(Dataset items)

- - - - - - -

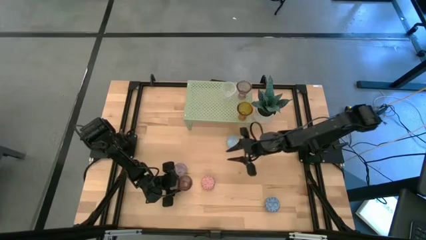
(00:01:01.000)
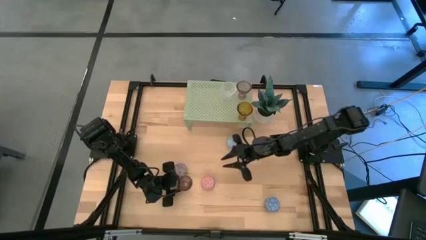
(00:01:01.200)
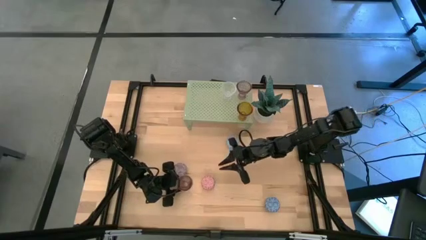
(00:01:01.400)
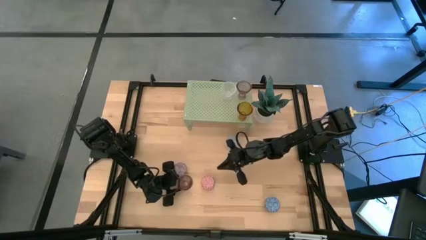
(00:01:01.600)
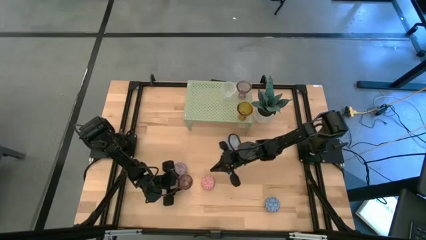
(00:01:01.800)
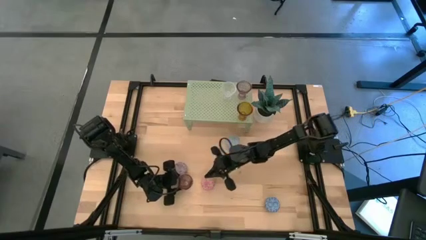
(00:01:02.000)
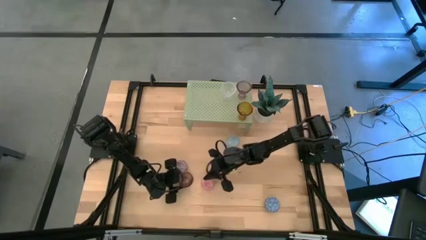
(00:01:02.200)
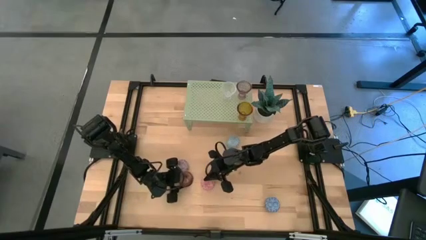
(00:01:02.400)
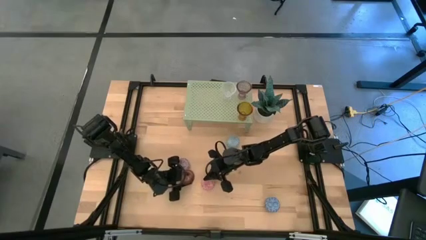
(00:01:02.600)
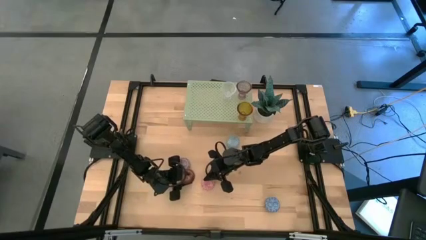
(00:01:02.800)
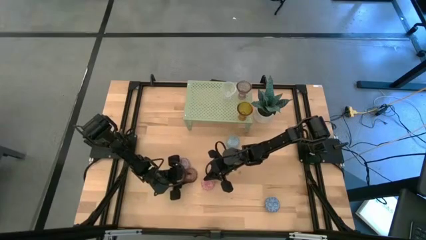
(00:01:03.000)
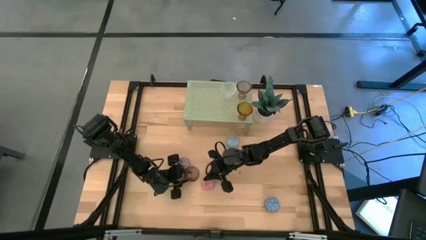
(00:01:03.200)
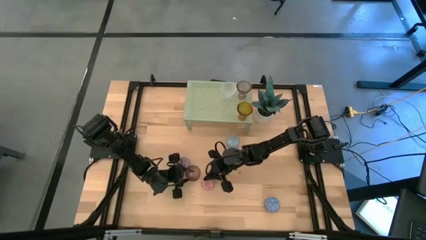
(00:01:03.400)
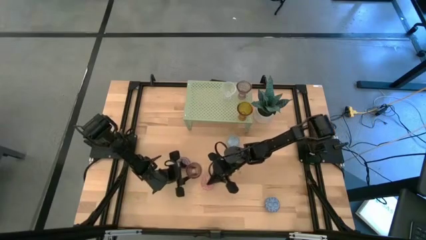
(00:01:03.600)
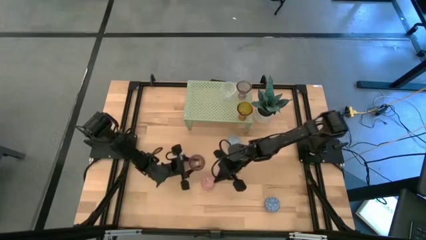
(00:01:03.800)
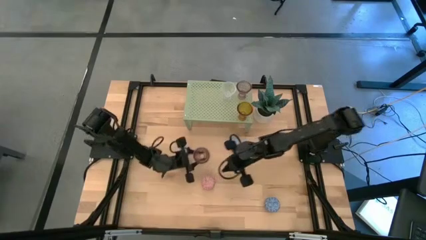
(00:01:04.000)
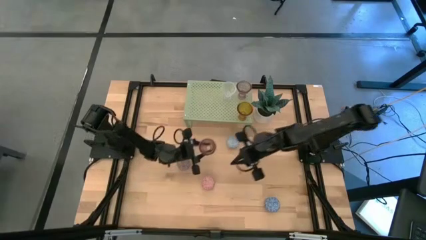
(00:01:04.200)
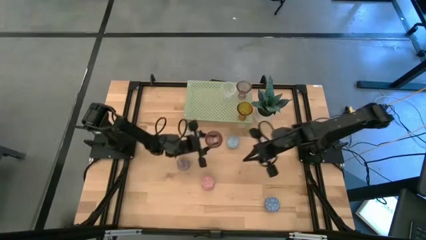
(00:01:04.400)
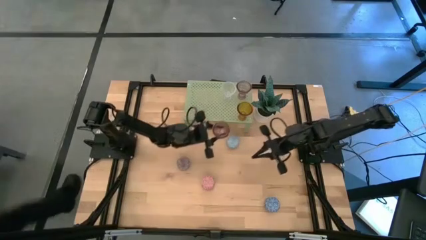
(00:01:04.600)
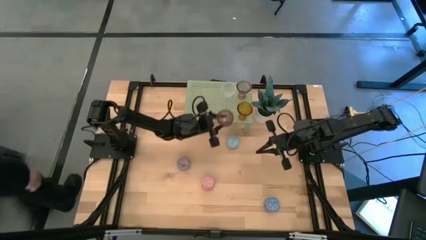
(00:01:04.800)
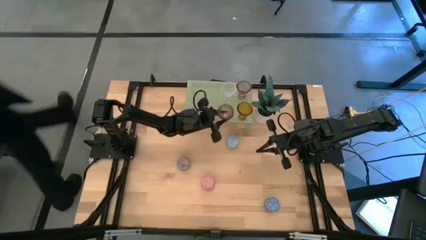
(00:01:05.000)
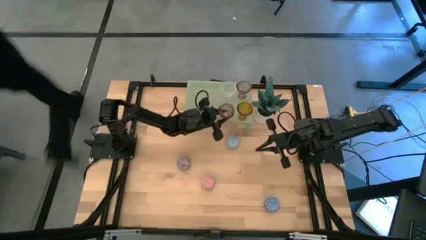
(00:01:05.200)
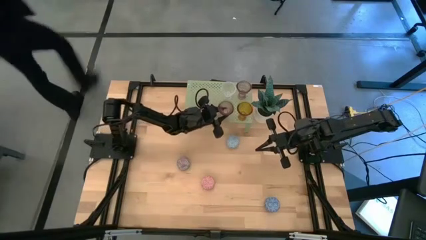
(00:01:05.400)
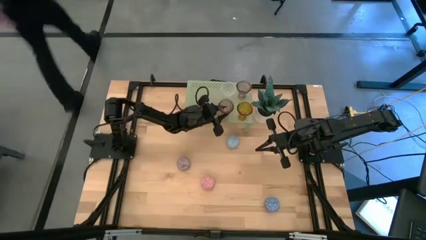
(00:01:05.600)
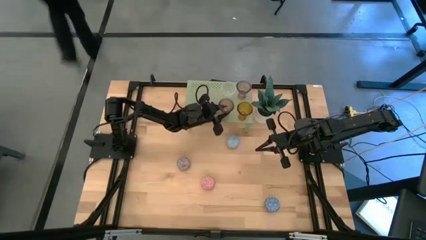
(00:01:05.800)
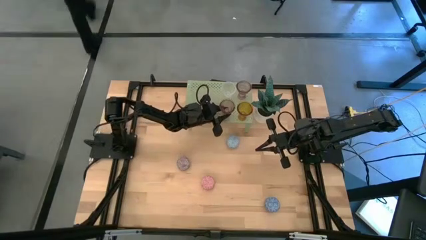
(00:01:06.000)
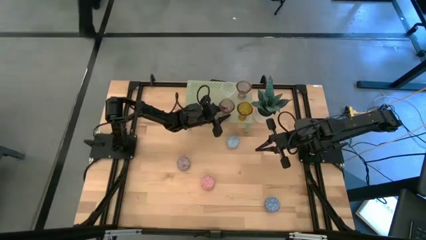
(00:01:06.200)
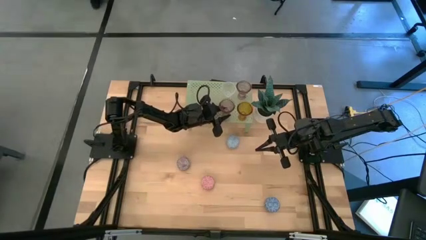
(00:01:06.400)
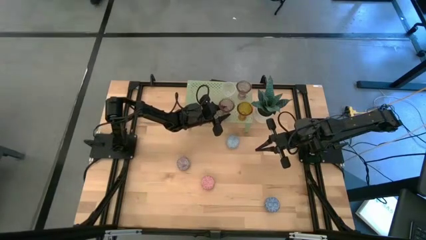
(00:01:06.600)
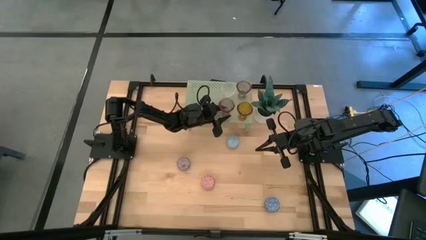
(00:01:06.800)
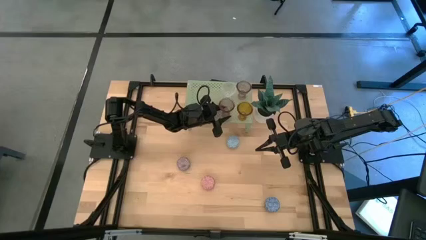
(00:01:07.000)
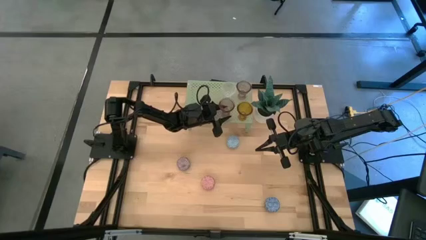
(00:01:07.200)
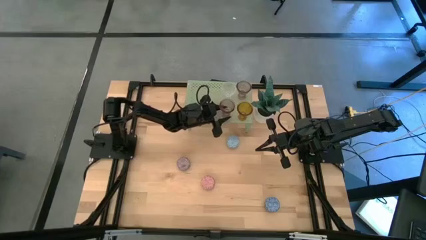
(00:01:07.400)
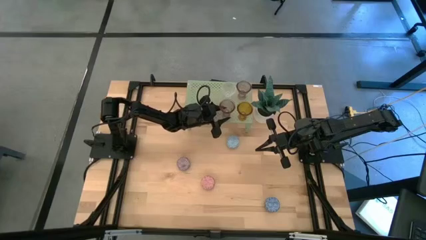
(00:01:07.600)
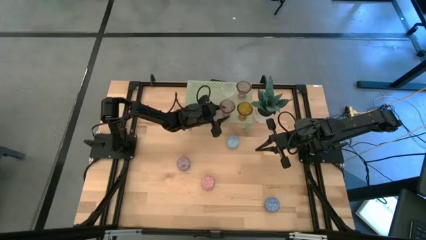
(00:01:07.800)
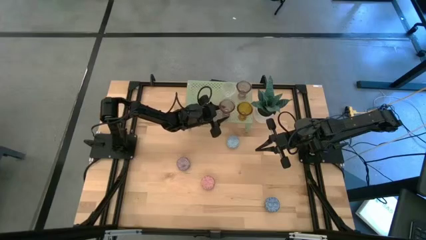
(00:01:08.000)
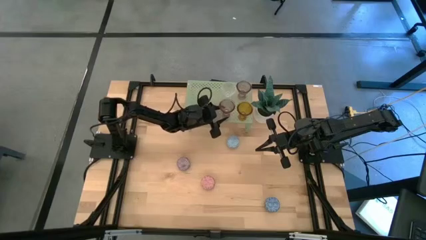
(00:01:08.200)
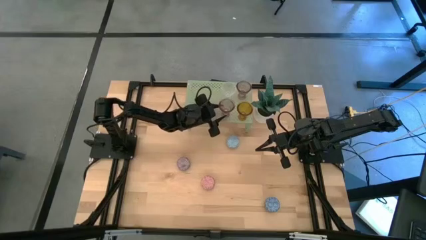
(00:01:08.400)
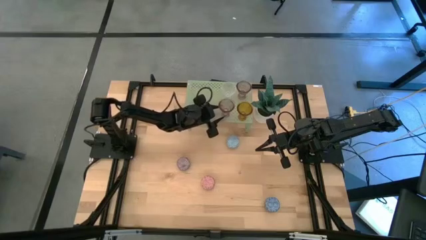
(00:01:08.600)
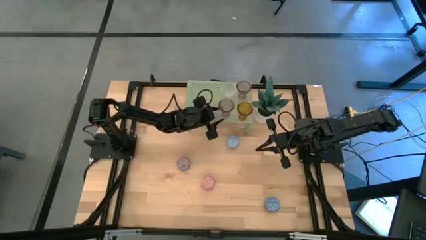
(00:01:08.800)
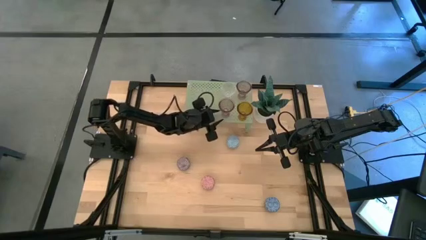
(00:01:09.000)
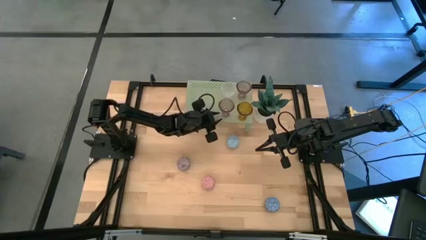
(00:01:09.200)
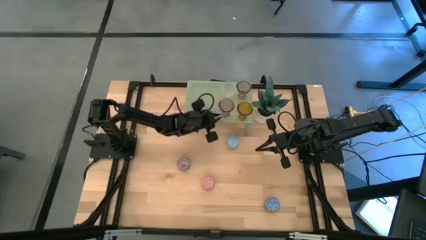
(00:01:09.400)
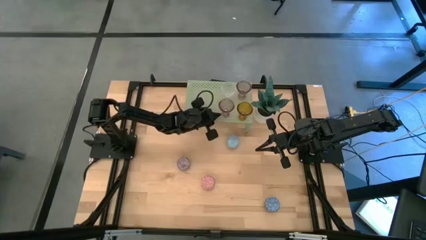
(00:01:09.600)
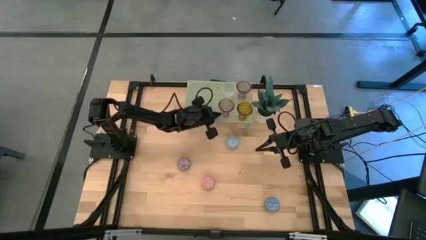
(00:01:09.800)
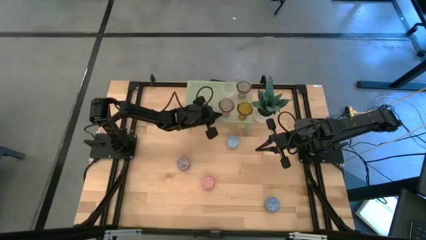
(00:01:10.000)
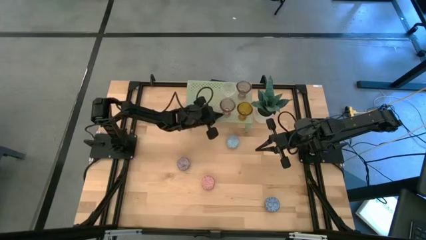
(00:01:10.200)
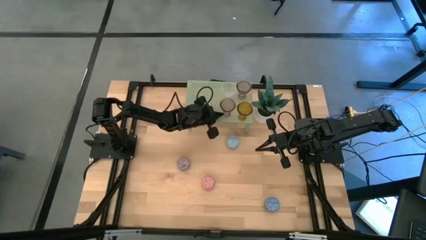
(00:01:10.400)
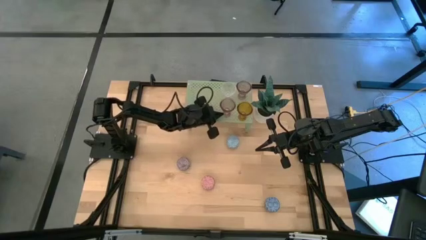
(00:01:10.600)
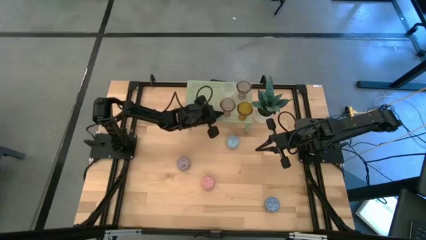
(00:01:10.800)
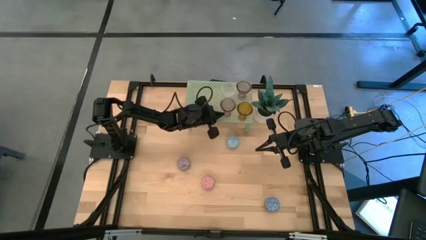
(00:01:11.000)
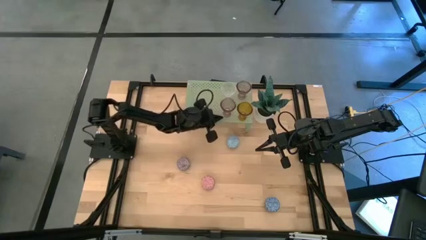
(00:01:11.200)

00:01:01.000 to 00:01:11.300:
Align the purple glass candle holder with the transparent glass candle holder on the shelf

- - - - - - -

● **Work to be completed**: Write out the records above exactly. Begin with the first line, end with the line holding "(00:01:11.200)", and drop the pictures.

● **Response to the exercise**:
(00:01:01.000)
(00:01:01.200)
(00:01:01.400)
(00:01:01.600)
(00:01:01.800)
(00:01:02.000)
(00:01:02.200)
(00:01:02.400)
(00:01:02.600)
(00:01:02.800)
(00:01:03.000)
(00:01:03.200)
(00:01:03.400)
(00:01:03.600)
(00:01:03.800)
(00:01:04.000)
(00:01:04.200)
(00:01:04.400)
(00:01:04.600)
(00:01:04.800)
(00:01:05.000)
(00:01:05.200)
(00:01:05.400)
(00:01:05.600)
(00:01:05.800)
(00:01:06.000)
(00:01:06.200)
(00:01:06.400)
(00:01:06.600)
(00:01:06.800)
(00:01:07.000)
(00:01:07.200)
(00:01:07.400)
(00:01:07.600)
(00:01:07.800)
(00:01:08.000)
(00:01:08.200)
(00:01:08.400)
(00:01:08.600)
(00:01:08.800)
(00:01:09.000)
(00:01:09.200)
(00:01:09.400)
(00:01:09.600)
(00:01:09.800)
(00:01:10.000)
(00:01:10.200)
(00:01:10.400)
(00:01:10.600)
(00:01:10.800)
(00:01:11.000)
(00:01:11.200)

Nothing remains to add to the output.